● What the task asks: Using the records below, report how many lines include "rect", and give no more than the number.

<<<<

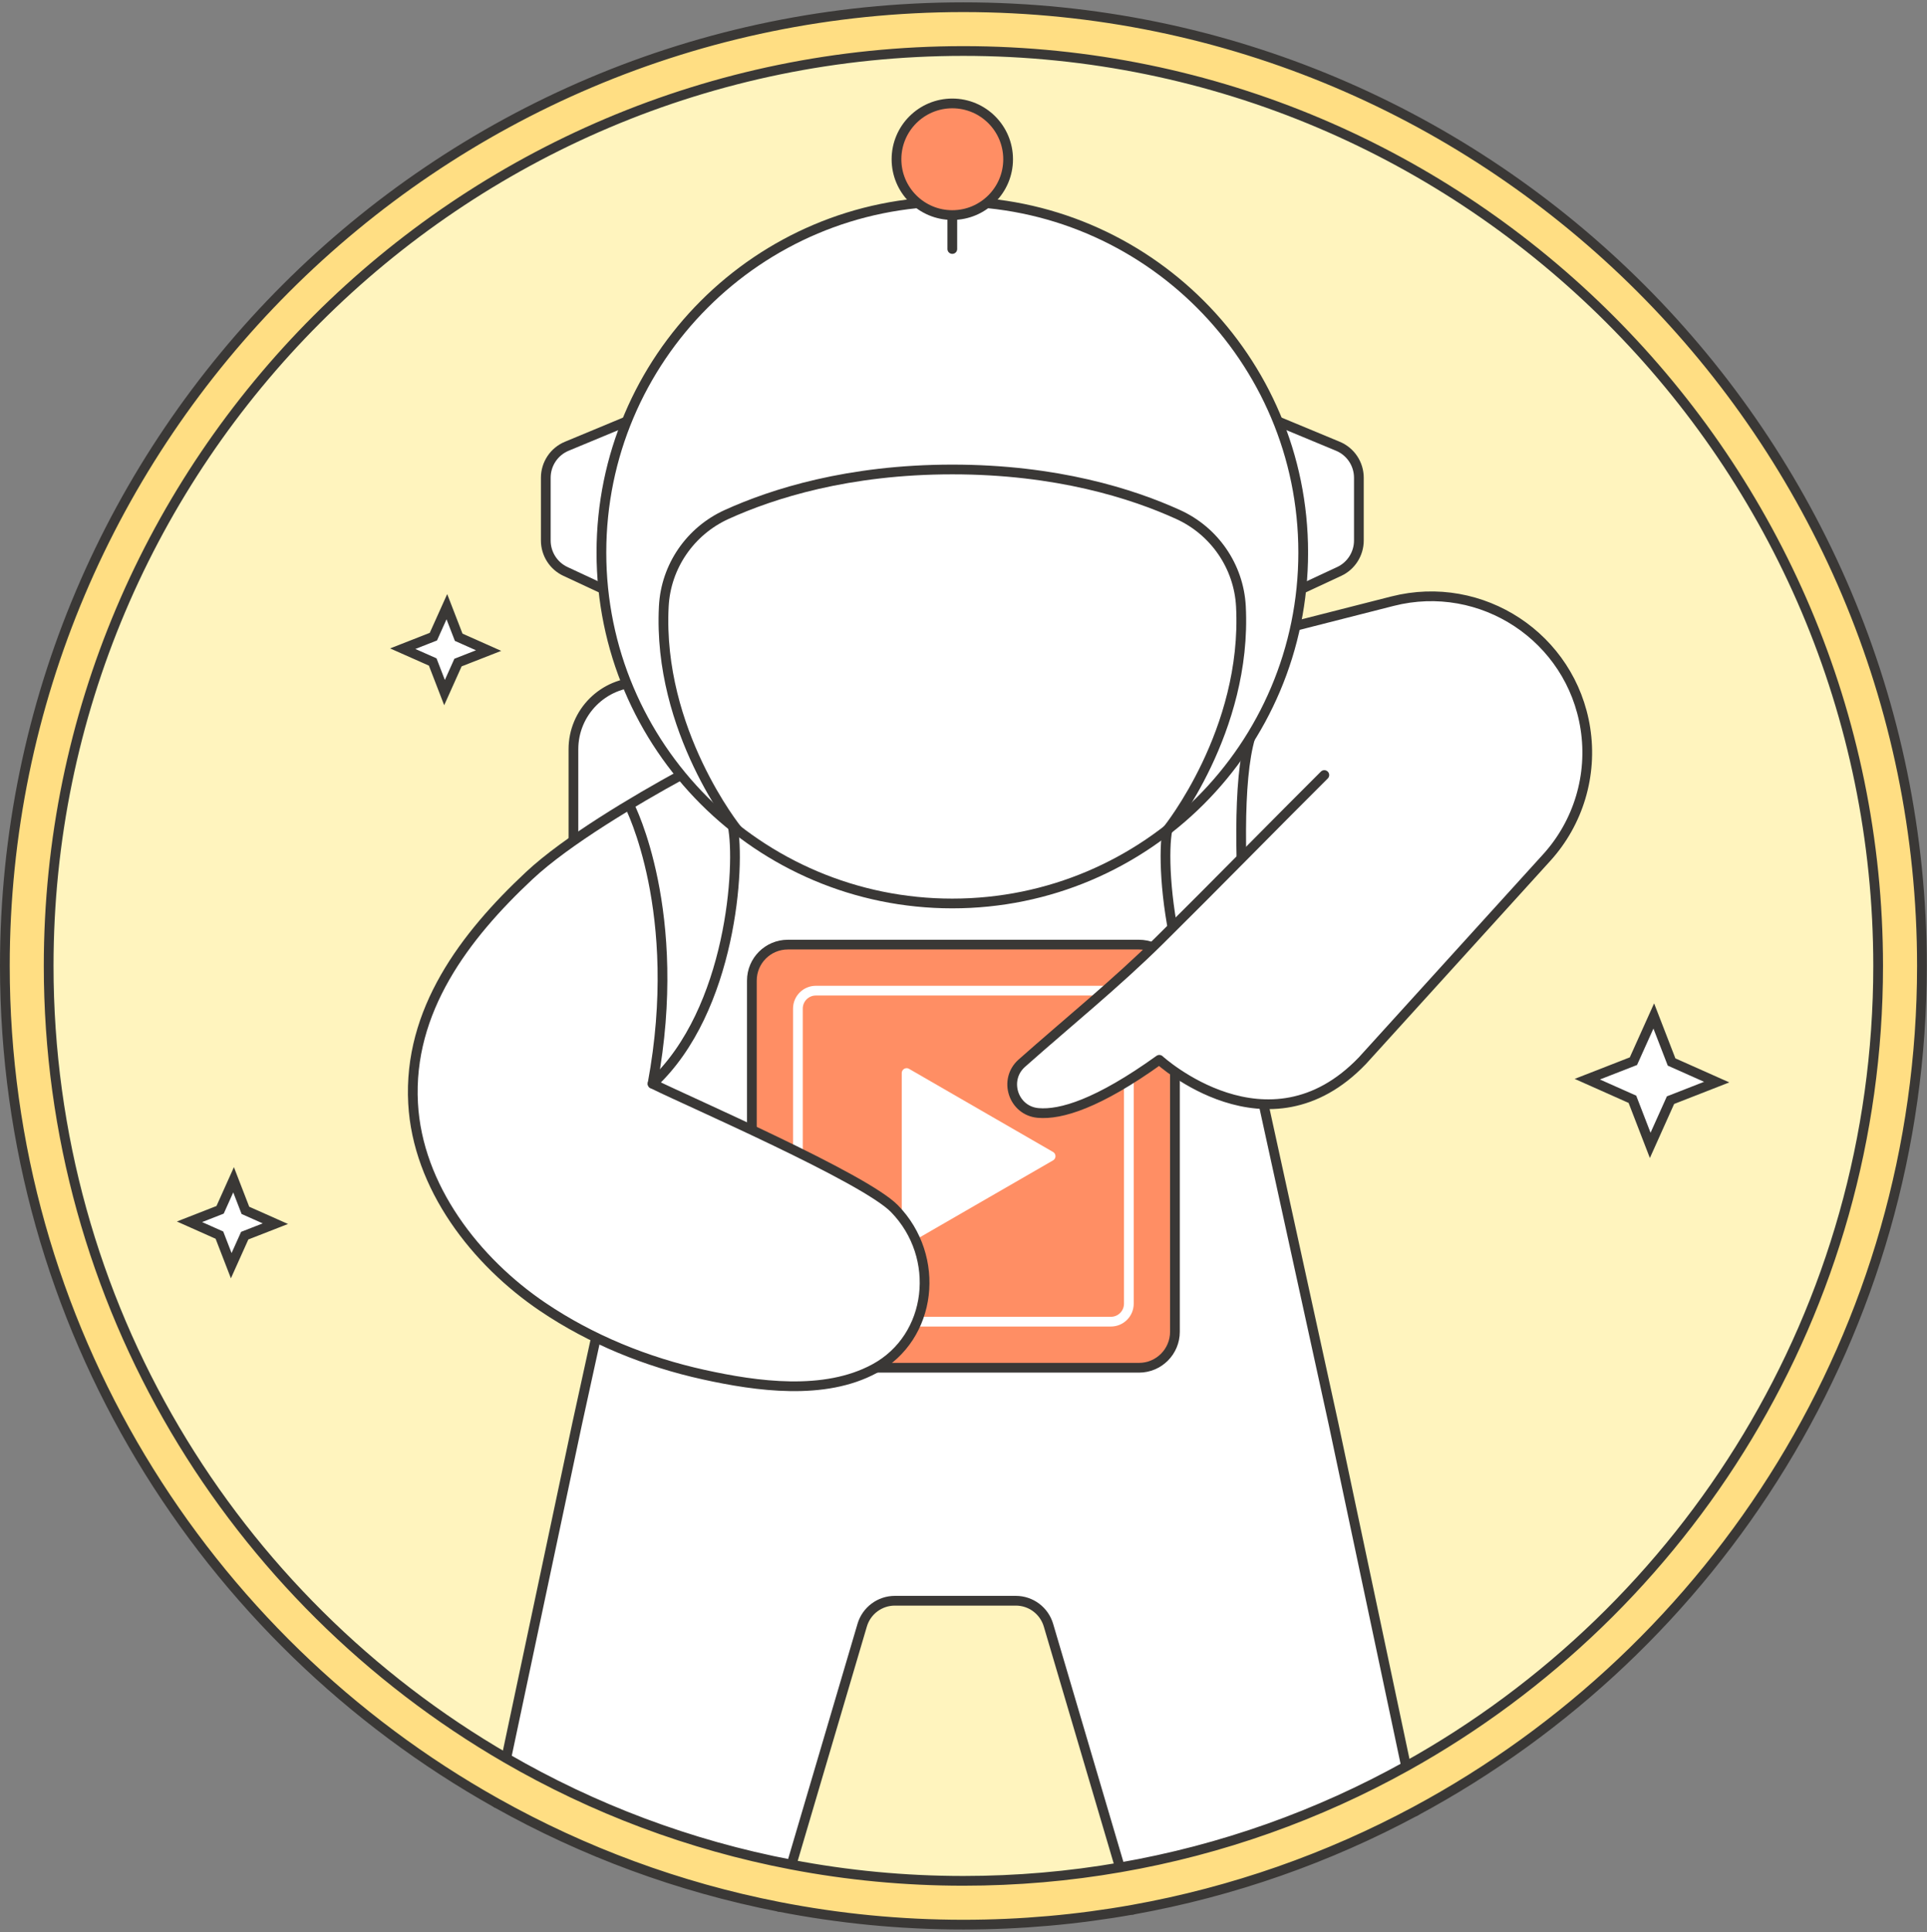 <svg width="396" height="397" viewBox="0 0 396 397" fill="none" xmlns="http://www.w3.org/2000/svg">
<rect x="0" y="0" width="396" height="397" fill="#808080" stroke="none"/>
<g clip-path="url(#clip0_42_1385)">
<path d="M197.98 390.94C304.284 390.94 390.46 304.764 390.46 198.46C390.46 92.156 304.284 5.98 197.98 5.98C91.676 5.98 5.5 92.156 5.5 198.46C5.5 304.764 91.676 390.94 197.98 390.94Z" fill="#FFF4BE" stroke="#3A3836" stroke-width="2" stroke-linecap="round" stroke-linejoin="round"/>
<path d="M131.61 140.18H168.13V188.09H117.84V153.94C117.84 146.34 124.01 140.17 131.61 140.17V140.18Z" fill="white" stroke="#3A3836" stroke-width="2" stroke-linecap="round" stroke-linejoin="round"/>
<path d="M259.67 226.87L274.04 292.59L289.93 367.6C271.97 377.39 252.28 384.39 231.43 388.04L215.46 333.91C214.58 330.94 211.85 328.89 208.74 328.89H183.88C180.79 328.89 178.05 330.94 177.19 333.91L161.36 387.46C140.53 383.45 120.9 376.09 103.05 365.95L118.59 292.59L122.48 274.8C118.69 272.96 115.02 270.87 111.54 268.52C97.74 259.19 85.81 243.83 84.89 226.68C83.86 207.66 95.46 192.36 108.76 179.91C116.41 172.76 130.72 164.28 139.93 159.25C136.39 154.94 133.35 150.21 130.89 145.16C160.85 140.69 243.01 128.46 266.9 124.98V125.02C266.7 126.22 266.48 127.43 266.22 128.61L286.16 123.53C304.52 118.86 322.89 130.99 325.81 149.69C327.3 159.27 324.38 169.02 317.85 176.22L279.98 217.94C273.2 225 266.09 227.12 259.67 226.87Z" fill="white"/>
<path d="M134.1 222.66C150.39 207.52 152.17 177.49 150.57 169.76" stroke="#3A3836" stroke-width="2" stroke-linecap="round" stroke-linejoin="round"/>
<path d="M228.73 205.27H212.78C211.847 205.27 211.09 206.027 211.09 206.96V223.46C211.09 224.393 211.847 225.15 212.78 225.15H228.73C229.663 225.15 230.42 224.393 230.42 223.46V206.96C230.42 206.027 229.663 205.27 228.73 205.27Z" stroke="#3A3836" stroke-width="2" stroke-linecap="round" stroke-linejoin="round"/>
<path d="M259.25 224.97L274.05 292.58L288.95 362.92L290.9 372.12" stroke="#3A3836" stroke-width="2" stroke-linecap="round" stroke-linejoin="round"/>
<path d="M133.39 224.97L118.59 292.58L104.04 361.24L102.08 370.48" stroke="#3A3836" stroke-width="2" stroke-linecap="round" stroke-linejoin="round"/>
<path d="M160.1 391.78L162.66 383.11L177.18 333.91C178.06 330.93 180.79 328.89 183.89 328.89H208.75C211.85 328.89 214.58 330.93 215.46 333.91L230.15 383.68L232.72 392.38" stroke="#3A3836" stroke-width="2" stroke-linecap="round" stroke-linejoin="round"/>
<path d="M239.91 170.49C238.31 178.22 240.85 212.36 259.25 224.98C259.25 224.98 251.6 169.3 256.97 151.39" stroke="#3A3836" stroke-width="2" stroke-linecap="round" stroke-linejoin="round"/>
<path d="M234.06 194.08H161.9C157.819 194.08 154.51 197.389 154.51 201.47V273.63C154.51 277.711 157.819 281.02 161.9 281.02H234.06C238.141 281.02 241.45 277.711 241.45 273.63V201.47C241.45 197.389 238.141 194.08 234.06 194.08Z" fill="#FF8E64" stroke="#3A3836" stroke-width="2" stroke-miterlimit="10"/>
<path d="M228.29 203.54H167.66C165.622 203.54 163.97 205.192 163.97 207.23V267.86C163.97 269.898 165.622 271.55 167.66 271.55H228.29C230.328 271.55 231.98 269.898 231.98 267.86V207.23C231.98 205.192 230.328 203.54 228.29 203.54Z" stroke="white" stroke-width="2" stroke-miterlimit="10"/>
<path d="M215.9 237.55L201.1 246.09L186.31 254.63V237.55V220.47L201.1 229.01L215.9 237.55Z" fill="white" stroke="white" stroke-width="2" stroke-linecap="round" stroke-linejoin="round"/>
<path d="M139.94 159.25C130.73 164.27 116.4 172.75 108.76 179.91C95.46 192.35 83.86 207.67 84.89 226.68C85.81 243.84 97.74 259.2 111.54 268.52C121.49 275.24 132.87 279.85 144.58 282.43C155.55 284.85 169.4 286.79 179.73 281.2C191.63 274.76 193.46 258.23 183.82 248.34C177.63 241.99 141.34 226.26 134.49 222.86L134.1 222.67" fill="white"/>
<path d="M139.94 159.25C130.73 164.27 116.4 172.75 108.76 179.91C95.46 192.35 83.86 207.67 84.89 226.68C85.81 243.84 97.74 259.2 111.54 268.52C121.49 275.24 132.87 279.85 144.58 282.43C155.55 284.85 169.4 286.79 179.73 281.2C191.63 274.76 193.46 258.23 183.82 248.34C177.63 241.99 141.34 226.26 134.49 222.86L134.1 222.67" stroke="#3A3836" stroke-width="2" stroke-linecap="round" stroke-linejoin="round"/>
<path d="M129.39 165.57C129.39 165.57 140.65 187.39 134.1 222.66" stroke="#3A3836" stroke-width="2" stroke-linecap="round" stroke-linejoin="round"/>
<path d="M247.93 133.26L286.16 123.52C304.51 118.85 322.89 130.98 325.8 149.69C327.29 159.27 324.37 169.02 317.85 176.2L279.97 217.93C260.57 238.17 238.24 217.75 238.24 217.75C225.65 226.79 217.98 229.09 213.32 228.67C208.22 228.21 206.15 221.84 209.99 218.44C219.34 210.14 229.31 202.09 238.28 193.22C249.65 181.97 262.88 168.45 272.15 159.24" fill="white"/>
<path d="M247.93 133.26L286.16 123.52C304.51 118.85 322.89 130.98 325.8 149.69C327.29 159.27 324.37 169.02 317.85 176.2L279.97 217.93C260.57 238.17 238.24 217.75 238.24 217.75C225.65 226.79 217.98 229.09 213.32 228.67C208.22 228.21 206.15 221.84 209.99 218.44C219.34 210.14 229.31 202.09 238.28 193.22C249.65 181.97 262.88 168.45 272.15 159.24" stroke="#3A3836" stroke-width="2" stroke-linecap="round" stroke-linejoin="round"/>
<path d="M266.6 121.42L275.19 117.42C277.67 116.27 279.25 113.78 279.25 111.05V98.16C279.25 95.32 277.54 92.76 274.92 91.68L261.22 85.99" fill="white"/>
<path d="M266.6 121.42L275.19 117.42C277.67 116.27 279.25 113.78 279.25 111.05V98.16C279.25 95.32 277.54 92.76 274.92 91.68L261.22 85.99" stroke="#3A3836" stroke-width="2" stroke-linecap="round" stroke-linejoin="round"/>
<path d="M124.81 121.42L116.22 117.42C113.74 116.27 112.16 113.78 112.16 111.05V98.16C112.16 95.32 113.87 92.76 116.49 91.68L130.19 85.99" fill="white"/>
<path d="M124.81 121.42L116.22 117.42C113.74 116.27 112.16 113.78 112.16 111.05V98.16C112.16 95.32 113.87 92.76 116.49 91.68L130.19 85.99" stroke="#3A3836" stroke-width="2" stroke-linecap="round" stroke-linejoin="round"/>
<path d="M195.7 185.63C235.525 185.63 267.81 153.345 267.81 113.52C267.81 73.695 235.525 41.41 195.7 41.41C155.875 41.41 123.59 73.695 123.59 113.52C123.59 153.345 155.875 185.63 195.7 185.63Z" fill="white" stroke="#3A3836" stroke-width="2" stroke-linecap="round" stroke-linejoin="round"/>
<path d="M195.7 32.72V51.16" stroke="#3A3836" stroke-width="2" stroke-linecap="round" stroke-linejoin="round"/>
<path d="M195.7 44.19C202.035 44.19 207.17 39.055 207.17 32.72C207.17 26.385 202.035 21.25 195.7 21.25C189.365 21.25 184.23 26.385 184.23 32.72C184.23 39.055 189.365 44.19 195.7 44.19Z" fill="#FF8E64" stroke="#3A3836" stroke-width="2" stroke-linecap="round" stroke-linejoin="round"/>
<path d="M239.91 170.49C239.91 170.49 256.34 150.19 255.01 124.59C254.58 116.38 249.58 109.11 242.1 105.71C232.69 101.43 217.14 96.46 195.71 96.46C174.28 96.46 158.74 101.43 149.32 105.71C141.84 109.11 136.83 116.38 136.41 124.59C135.08 150.19 151.51 170.49 151.51 170.49" stroke="#3A3836" stroke-width="2" stroke-linecap="round" stroke-linejoin="round"/>
<path d="M197.98 1.48C89.36 1.48 1 89.84 1 198.46C1 272.29 41.82 336.76 102.08 370.48C119.9 380.46 139.42 387.74 160.1 391.78C172.36 394.18 185.03 395.44 197.98 395.44C209.83 395.44 221.44 394.39 232.72 392.38C253.4 388.68 272.98 381.75 290.9 372.12C352.79 338.87 394.96 273.5 394.96 198.46C394.96 89.84 306.6 1.48 197.98 1.48ZM288.95 362.92C270.95 372.92 251.14 380.05 230.15 383.68C219.7 385.5 208.95 386.44 197.98 386.44C185.91 386.44 174.11 385.3 162.66 383.11C141.68 379.11 121.93 371.61 104.04 361.24C47.86 328.69 10 267.91 10 198.46C10 94.81 94.33 10.48 197.98 10.48C301.63 10.48 385.96 94.81 385.96 198.46C385.96 269.13 346.75 330.82 288.95 362.92Z" fill="#FFDE83" stroke="#3A3836" stroke-width="2" stroke-linecap="round" stroke-linejoin="round"/>
<path d="M343.51 218.2L352.78 222.33L343.29 226.04L339.12 235.33L335.46 225.86L326.19 221.73L335.67 218.03L339.85 208.74L343.51 218.2Z" fill="white" stroke="#3A3836" stroke-width="2" stroke-miterlimit="10"/>
<path d="M94.26 130.93L100.41 133.67L94.12 136.13L91.35 142.3L88.92 136.01L82.76 133.28L89.06 130.81L91.83 124.65L94.26 130.93Z" fill="white" stroke="#3A3836" stroke-width="2" stroke-miterlimit="10"/>
<path d="M50.43 248.68L56.59 251.42L50.29 253.88L47.52 260.05L45.09 253.77L38.94 251.03L45.23 248.57L48 242.4L50.43 248.68Z" fill="white" stroke="#3A3836" stroke-width="2" stroke-miterlimit="10"/>
</g>
<defs>
<clipPath id="clip0_42_1385">
<rect width="395.96" height="395.96" fill="white" transform="translate(0 0.48)"/>
</clipPath>
</defs>
</svg>

>>>>

● Answer below: 2